━━━ Records to use
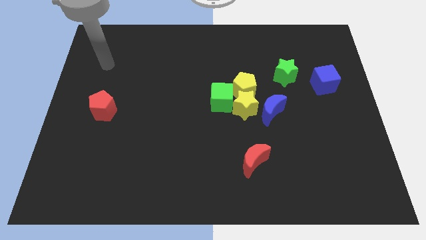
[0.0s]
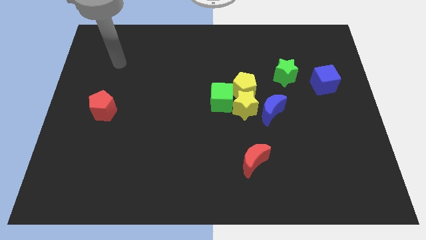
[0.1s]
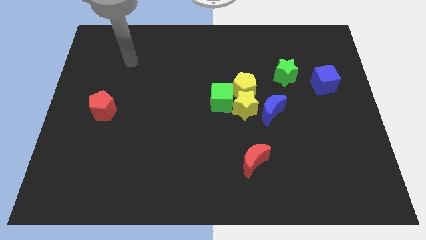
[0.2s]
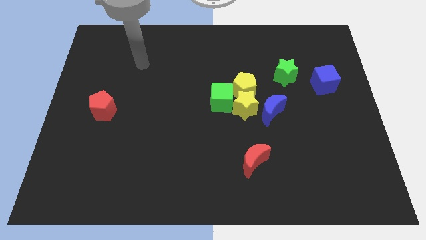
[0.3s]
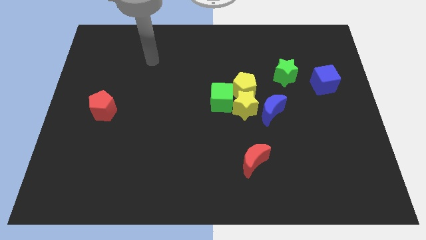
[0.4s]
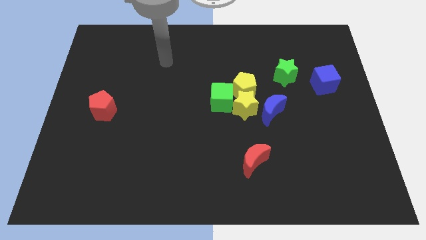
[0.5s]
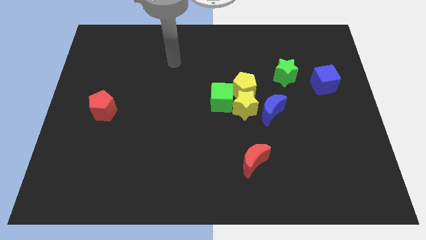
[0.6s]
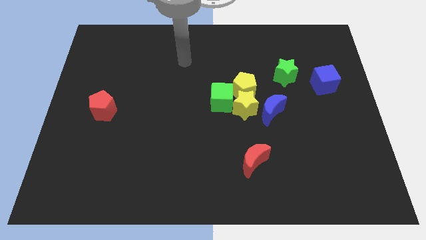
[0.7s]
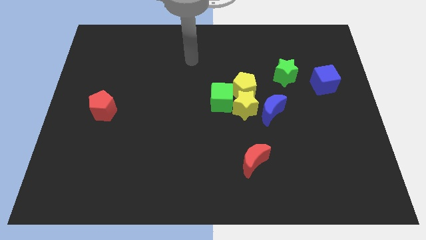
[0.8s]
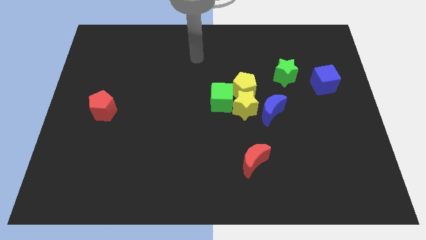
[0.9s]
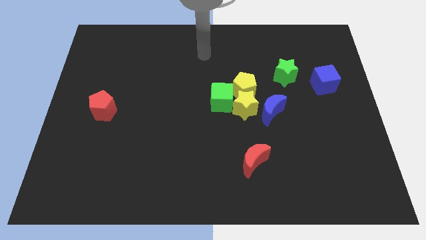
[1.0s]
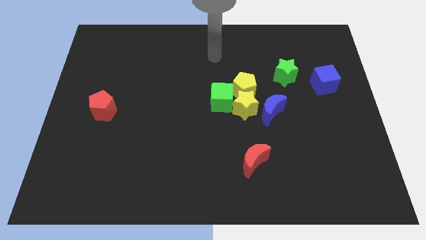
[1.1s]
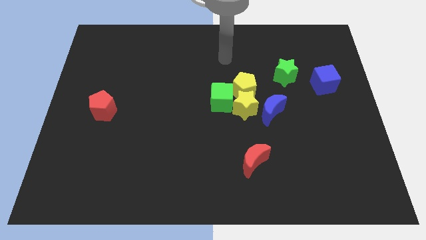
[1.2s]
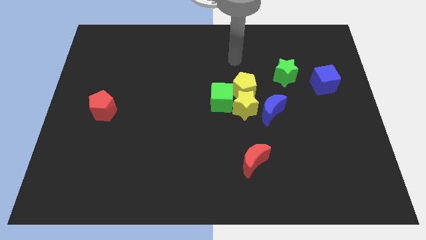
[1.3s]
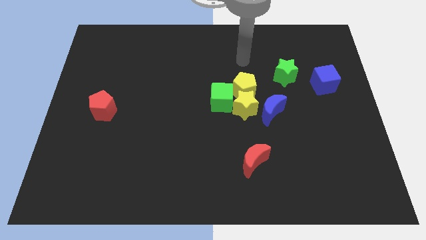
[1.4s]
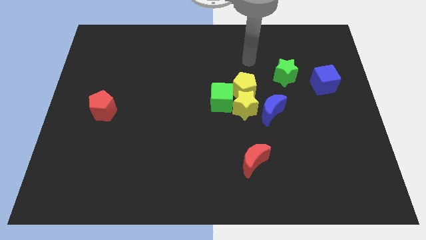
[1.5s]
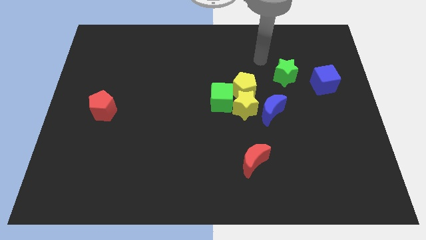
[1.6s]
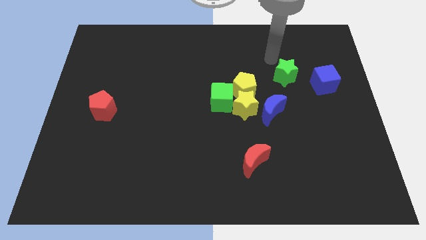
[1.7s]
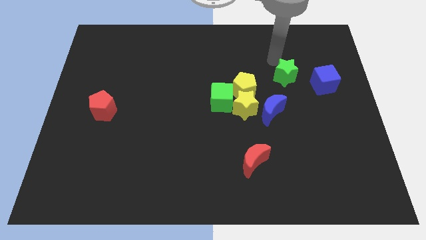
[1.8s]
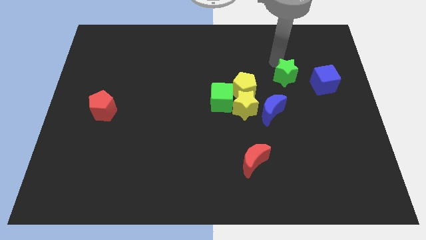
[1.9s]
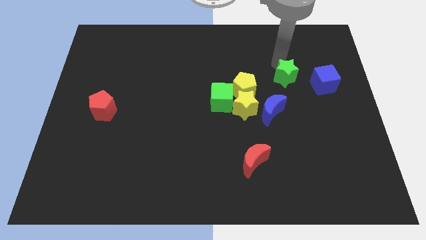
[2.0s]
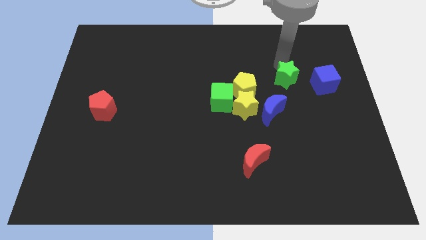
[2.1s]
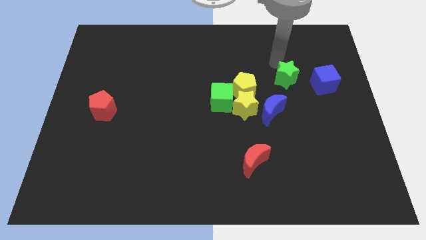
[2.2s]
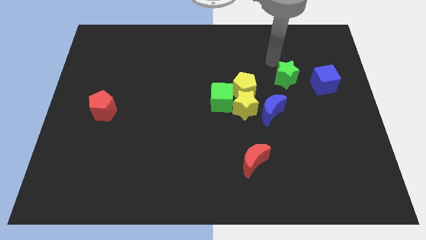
━━━━━━
Work task — All of the material above should be reproduced exactly, except the pictures.

Your solution —
[0.0s]
[0.1s]
[0.2s]
[0.3s]
[0.4s]
[0.5s]
[0.6s]
[0.7s]
[0.8s]
[0.9s]
[1.0s]
[1.1s]
[1.2s]
[1.3s]
[1.4s]
[1.5s]
[1.6s]
[1.7s]
[1.8s]
[1.9s]
[2.0s]
[2.1s]
[2.2s]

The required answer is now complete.